Parallèlement se fonda une Union des Ouvriers Abstinents Allemands, la Deutscher Arbeiter-Abstinenten-Bund, qui disposa rapidement d'environ une cinquantaine de groupes locaux actifs, avec plusieurs centaines de personnes participant.
L'objectif était que la consommation d'alcool cesse et que les traditions culturelles qui lui sont liées cessent également ; cela, afin de faire avancer la lutte pour la libération de la classe ouvrière, d'élever le niveau de vie des ouvriers, d'éviter les dégâts que cela cause sur les manières de vivre.
L'alcool était rejeté tant comme fuite que comme vecteur de violences sociales. Il existait, pour l'association, une alliance objective du capital, de la religion et des bars.
L'association réfutait également l'argument du rapport mécanique de cause à effet entre la misère sociale et la consommation d'alcool. Selon elle, c'était en quelque sorte une idéologie, qui devait être adoptée pour se réaliser.

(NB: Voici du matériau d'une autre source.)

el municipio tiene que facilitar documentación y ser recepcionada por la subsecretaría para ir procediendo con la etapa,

L'association constatait ainsi que l'alcoolisme était peu développé chez les femmes prolétariennes, ainsi que dans les couches juives du prolétariat ; inversement, l'alcool était fort répandu dans l'armée et les associations nationalistes étudiantes, particulièrement brutales.
Le congrès de 1907 de la social-démocratie allemande aborda alors ouvertement la question. Simon Katzenstein, d'origine juive, y défendit le point de vue de l'association des abstinents ; il fallait absolument faire une rupture avec les situations où boire apparaissait comme socialement nécessaire.

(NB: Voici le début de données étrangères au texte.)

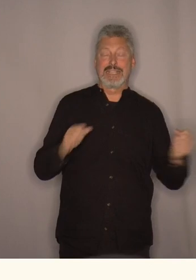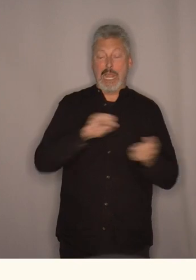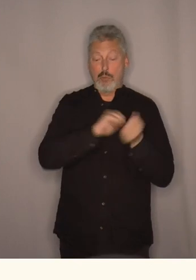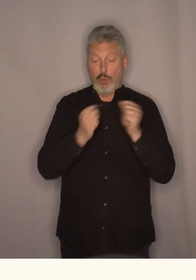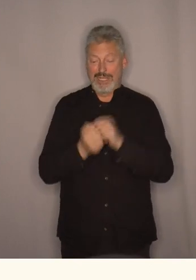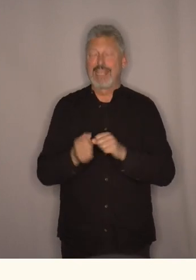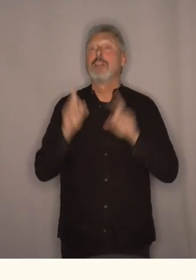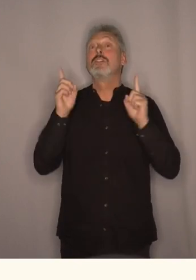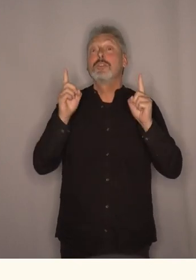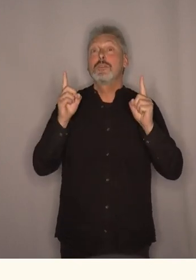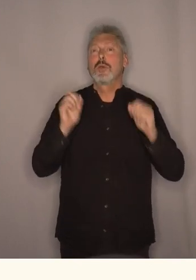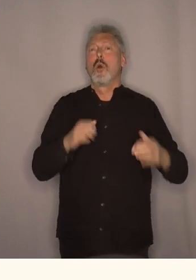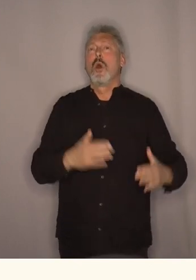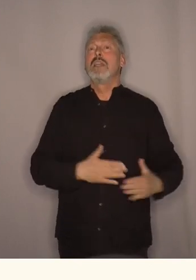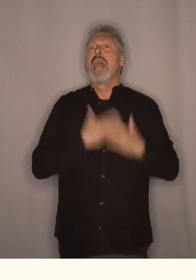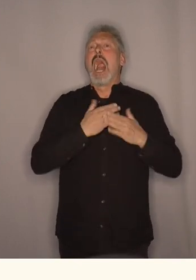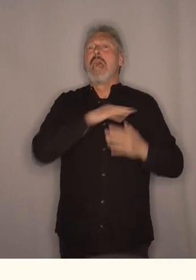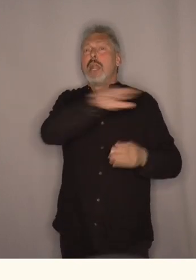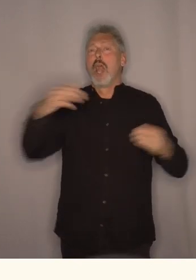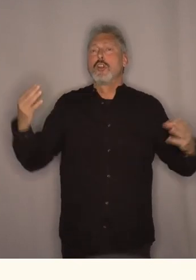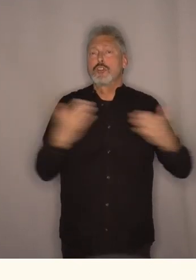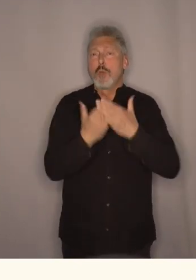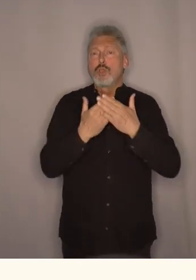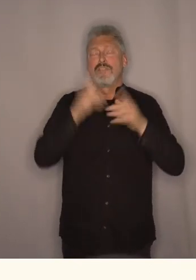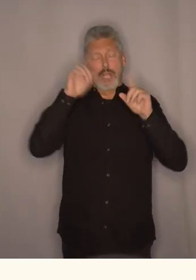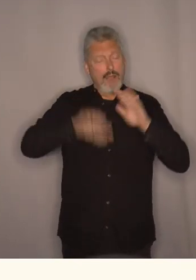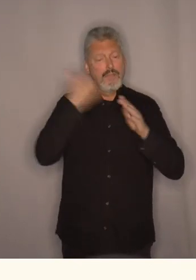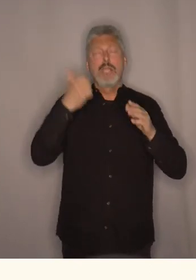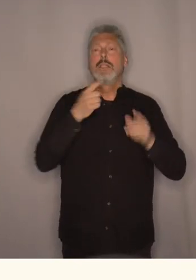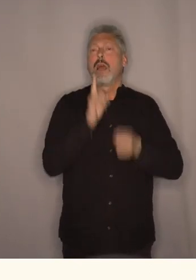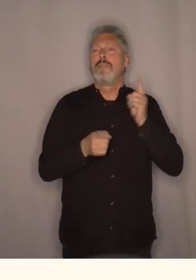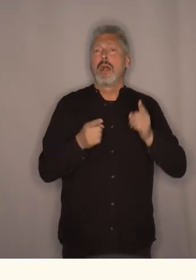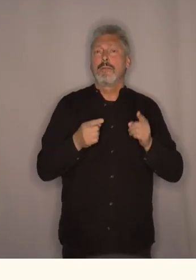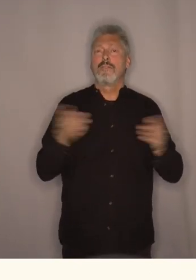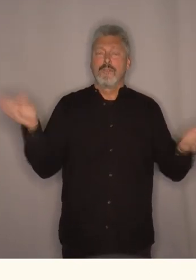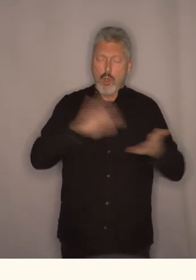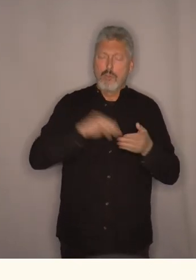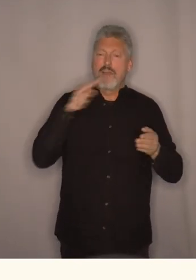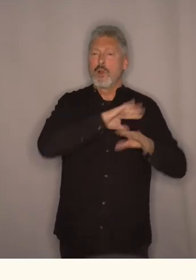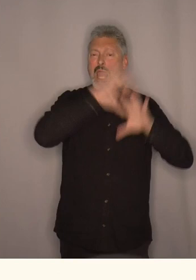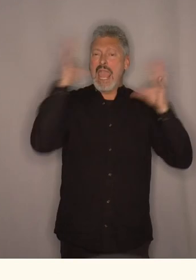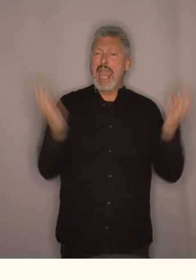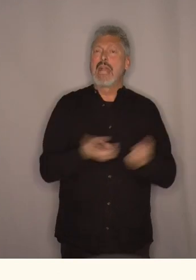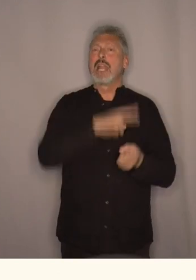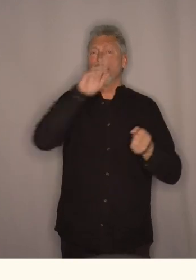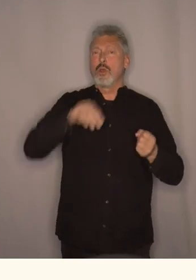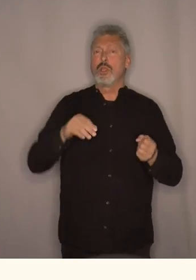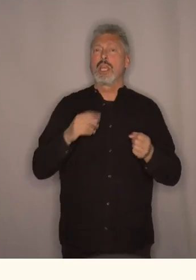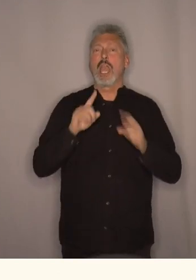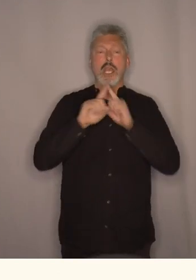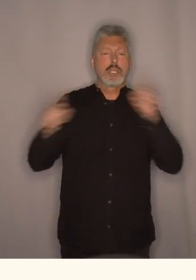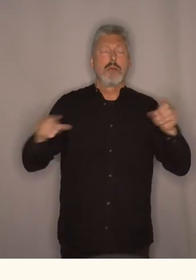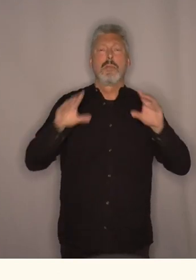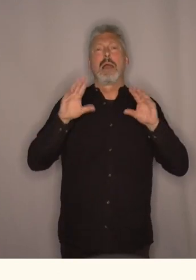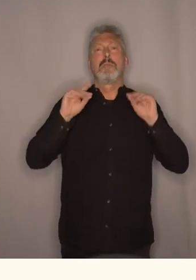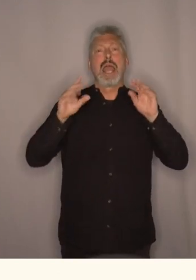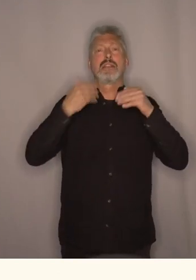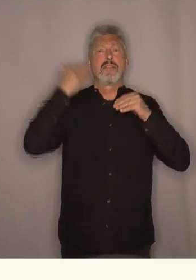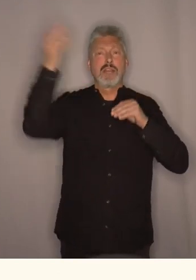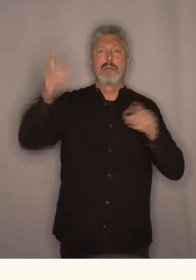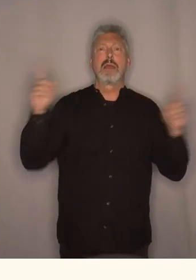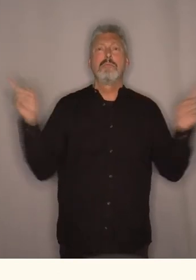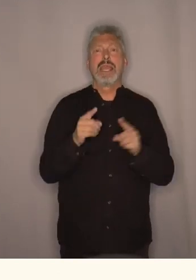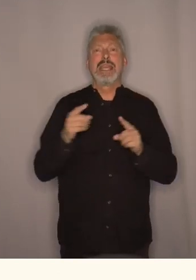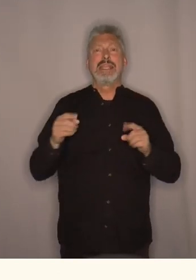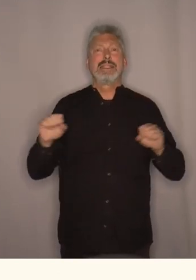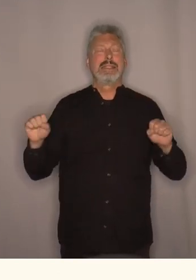Så kjære landsmøter, vi kan vinne dette valget med å få folk med oss i hele landet for å skape en bedre fremtid. Med mindre stress og press, mer

Le texte de la fin de sa résolution était la suivante :
« La lutte la plus efficace contre les dangers de l’alcool ne peut être menée que par les organisations politiques et syndicales du prolétariat conscient, parce qu’elle améliore la situation économique de celui-ci et parce qu’elle lui apprend à trouver des satisfactions, des distractions et du plaisir dans la lutte contre le capitalisme pour la libération de l'appauvrissement, et de l'exploitation, au lieu de chercher un oubli dans la consommation de l’alcool. »
La ligne opposée à celle de Simon Katzenstein, représentée par Emanuel Wurm (également d'origine juive) considérait que le Parti n'avait pas à se préoccuper de la vie quotidienne des ouvriers, seulement des questions sociales.

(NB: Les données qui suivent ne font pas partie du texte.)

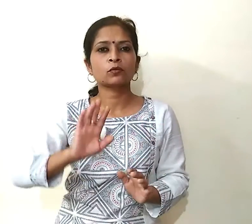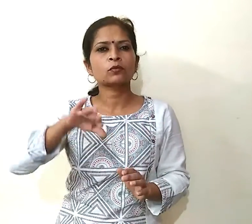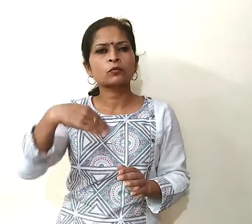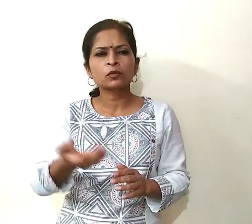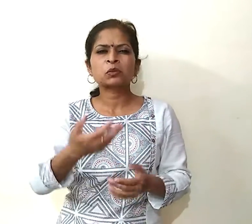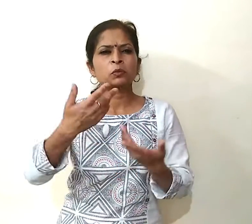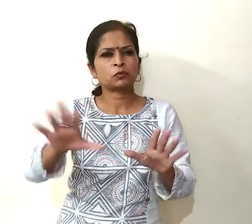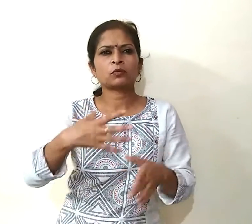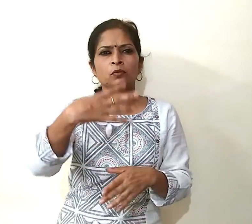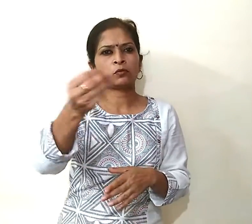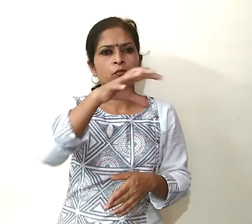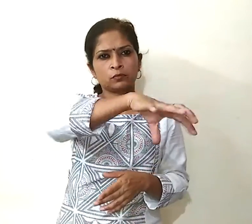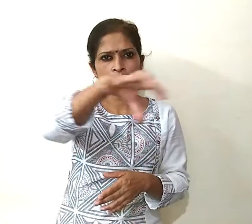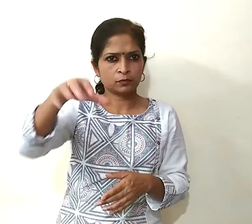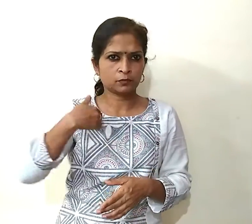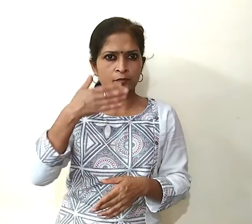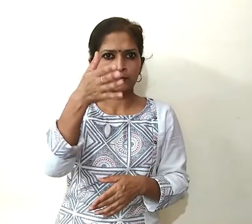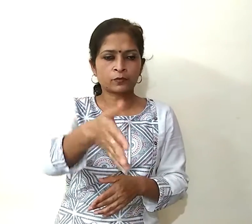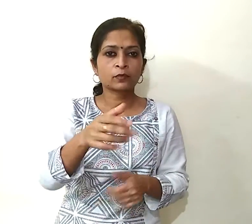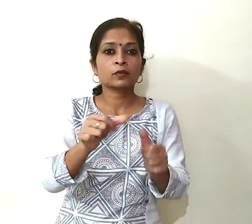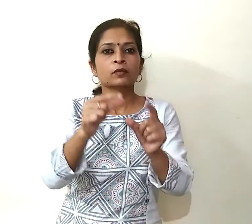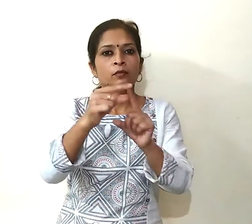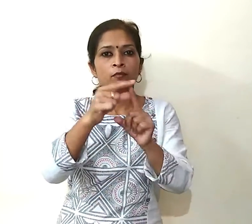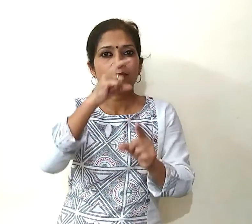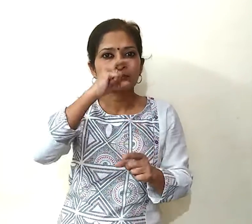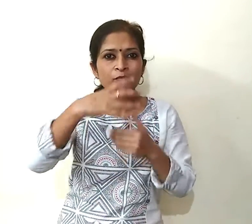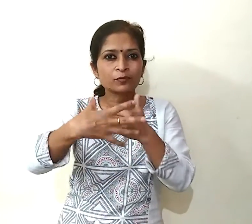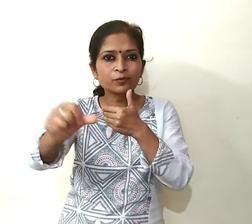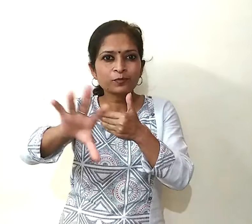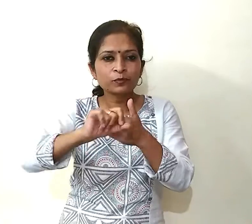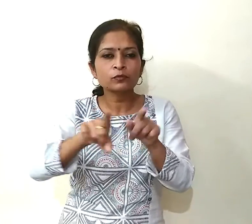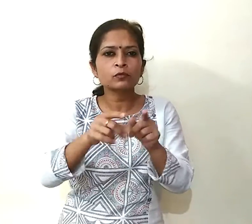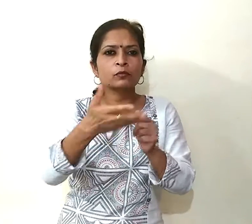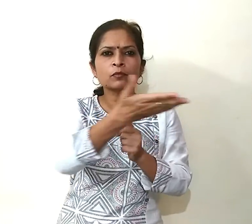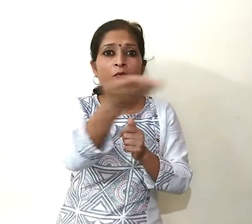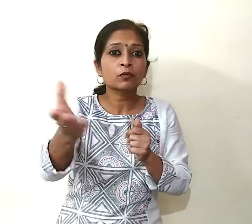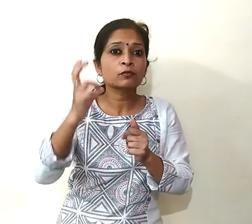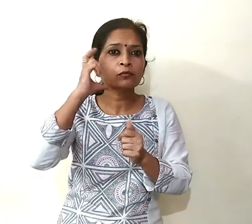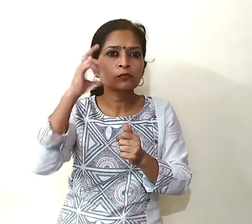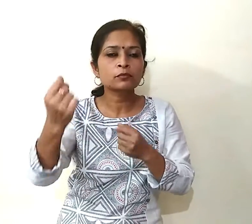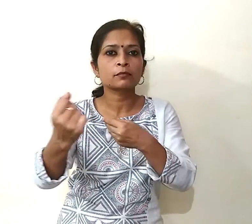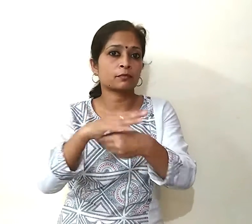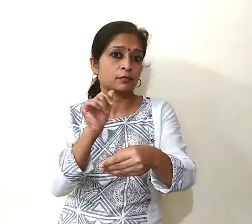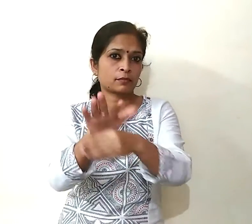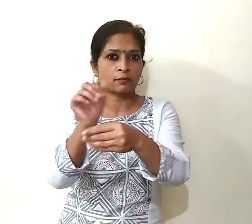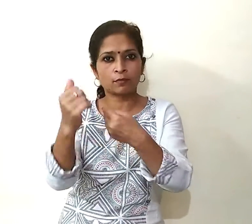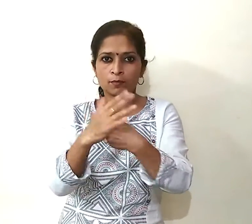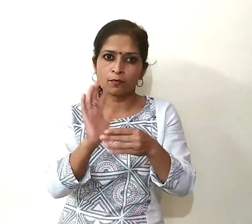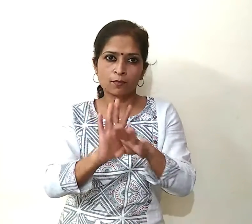किसी सारोजनिक स्थल पर जाएंगे ये अप ब्लूटूथ से आसपास के मूबाइल से संदेश लेता देता रहता है

On retrouve l'idée que la tendance générale générerait d'elle-même de nouvelles conditions culturelles.
La conclusion de sa résolution formulait les choses pratiquement de la même manière que celle de Simon Katzenstein, à ceci près que « la lutte la plus efficace » était remplacée par « Cette lutte efficace ». La révolution devait suffire à affaiblir les dangers de l'alcool, qui n'était pas à interdire en soi.
Cependant, la résolution d'Emmanuel Wurm alla également avec la suppression des incitations à boire de l'alcool dans les réunions et les fêtes du Parti, ainsi que des explications à mener sur les dangers de l'alcool et des pratiques sociales où l'alcool est utilisé.
Le débat ne s'arrêta pas là, comme en témoigne les deux documents suivants : le rapport d'Emmanuel Wurm (un document précieux, retraçant les positions historiques de la social-démocratie en Europe sur l'alcool) et le rapport d'Emile Vandervelde. Ce dernier est un social-démocrate belge ayant formulé le point de vue des abstinents (il rejoindra historiquement le camp des réformistses pragmatiques et non des communistes).
Ces deux documents avaient été préparé pour la quatrième commission du Xe Congrès socialiste international, devant se dérouler à Vienne du 23 au 29 août 1914.
La social-démocratie autrichienne, comprenant dès juillet que la guerre impérialiste s'annonçait, demanda qu'il se tienne ailleurs en raison du danger pour l'ensemble des délégués ; la guerre lancée, la social-démocratie européenne s'effondra en basculant dans le chauvinisme, sauf en Russie avec les bolcheviks.
L'influence de la question se lut encore cependant dans l'immédiate après-guerre, dans les partis issus de la social-démocratie : aux élections de 1924, sur 131 députés socialistes 7 étaient abstinents et sur 45 députés communistes, 5 l'étaient.